> _Task description_
An exact transcription of every record below is required, with the pictures left out.

(Record excerpts)

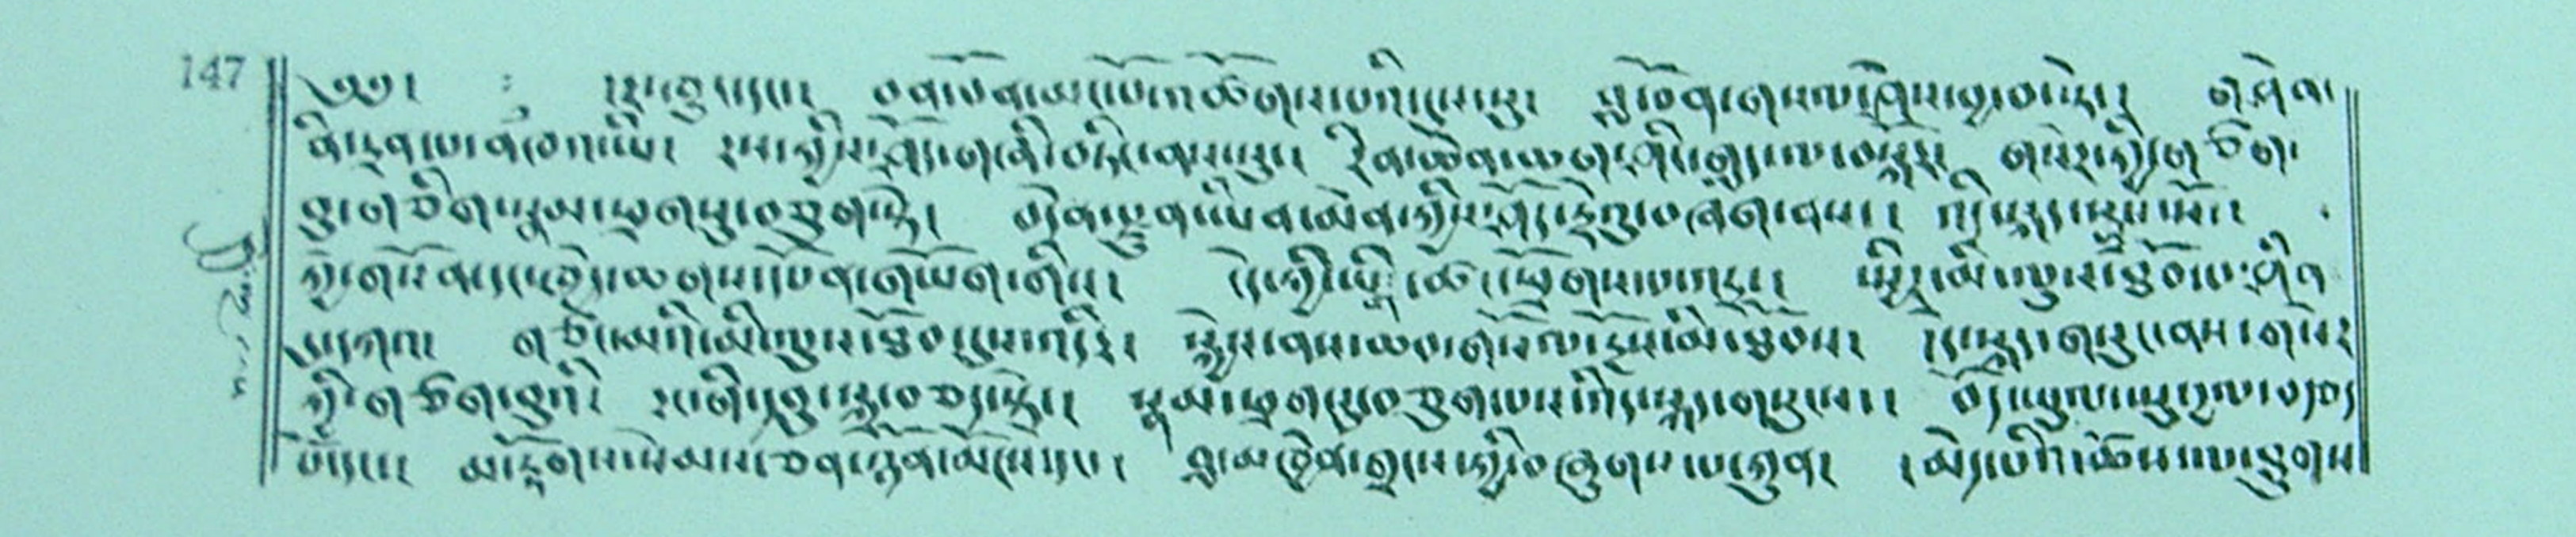༄༅། །ར་ཁྱུང་དང་། བན་བོན་མང་པོ་འཚོགས་པའི་དུས་སུ། བླ་བོན་གསལ་ཤེས་བྱ་བ་སྟེ། གཤེན་
པོ་དྲན་པ་ནམ་མཁའ་ཡིས། རས་ཀྱིས་ཤོད་གཞི་བཏིང་ནས་སུ། རིན་ཆེན་ཆག་ཤིང་ཀླད་ལ་བསྐོར། གསེར་གྱི་གཙག་
བུ་གཅིག་སྣམ་ཕྲགས་སུ་བཅུག་སྟེ། བདེན་རྫུན་ཡིན་མིན་གྱི་ཤོད་རྡེའུ་བཞག་ནས། འདི་སྐད་སྨྲས་སོ། །
ཀྱེ་གསོན་དང་ཁྱེད་ཅག་དཔོན་གཡོག་གིས། ངེད་ཀྱི་ཡིག་ཚང་ཕྲོགས་པ་འདྲ། སྤྱིར་མི་ལུས་ཐོབ་པ་ཤིན་
ཏུ་དཀའ། གཙང་མའི་མི་ལུས་ཐོབ་དུས་འདིར། སྐྱེས་ནས་ཆབ་གསོལ་དངོས་མི་ཐོབ། དེ་སྐད་གསུངས་ནས་གསེར་
གྱི་གཙག་བུ་ཡིས། རང་གི་དབུ་སྐྲ་བཅད་དེ། སྣམ་ཕྲགསུ་བཅུག་པས་འདི་སྐད་གསུངས། བོད་ཡུལ་སྤུ་རྒྱལ་གྱི་བཙད་
པོ་དང་། མ་རྟོགས་སེམས་ཅན་ཉོན་མོངས་དང་། བླ་མཁྱེན་གྲངས་ཀྱི་བཞུགས་པ་ཀུན། མེད་པའི་ཆོས་ལ་ཐུགས་

(End Record excerpts)

> _Response to this exercise_
༄༅། །ར་ཁྱུང་དང་། བན་བོན་མང་པོ་འཚོགས་པའི་དུས་སུ། བླ་བོན་གསལ་ཤེས་བྱ་བ་སྟེ། གཤེན་
པོ་དྲན་པ་ནམ་མཁའ་ཡིས། རས་ཀྱིས་ཤོད་གཞི་བཏིང་ནས་སུ། རིན་ཆེན་ཆག་ཤིང་ཀླད་ལ་བསྐོར། གསེར་གྱི་གཙག་
བུ་གཅིག་སྣམ་ཕྲགས་སུ་བཅུག་སྟེ། བདེན་རྫུན་ཡིན་མིན་གྱི་ཤོད་རྡེའུ་བཞག་ནས། འདི་སྐད་སྨྲས་སོ། །
ཀྱེ་གསོན་དང་ཁྱེད་ཅག་དཔོན་གཡོག་གིས། ངེད་ཀྱི་ཡིག་ཚང་ཕྲོགས་པ་འདྲ། སྤྱིར་མི་ལུས་ཐོབ་པ་ཤིན་
ཏུ་དཀའ། གཙང་མའི་མི་ལུས་ཐོབ་དུས་འདིར། སྐྱེས་ནས་ཆབ་གསོལ་དངོས་མི་ཐོབ། དེ་སྐད་གསུངས་ནས་གསེར་
གྱི་གཙག་བུ་ཡིས། རང་གི་དབུ་སྐྲ་བཅད་དེ། སྣམ་ཕྲགསུ་བཅུག་པས་འདི་སྐད་གསུངས། བོད་ཡུལ་སྤུ་རྒྱལ་གྱི་བཙད་
པོ་དང་། མ་རྟོགས་སེམས་ཅན་ཉོན་མོངས་དང་། བླ་མཁྱེན་གྲངས་ཀྱི་བཞུགས་པ་ཀུན། མེད་པའི་ཆོས་ལ་ཐུགས་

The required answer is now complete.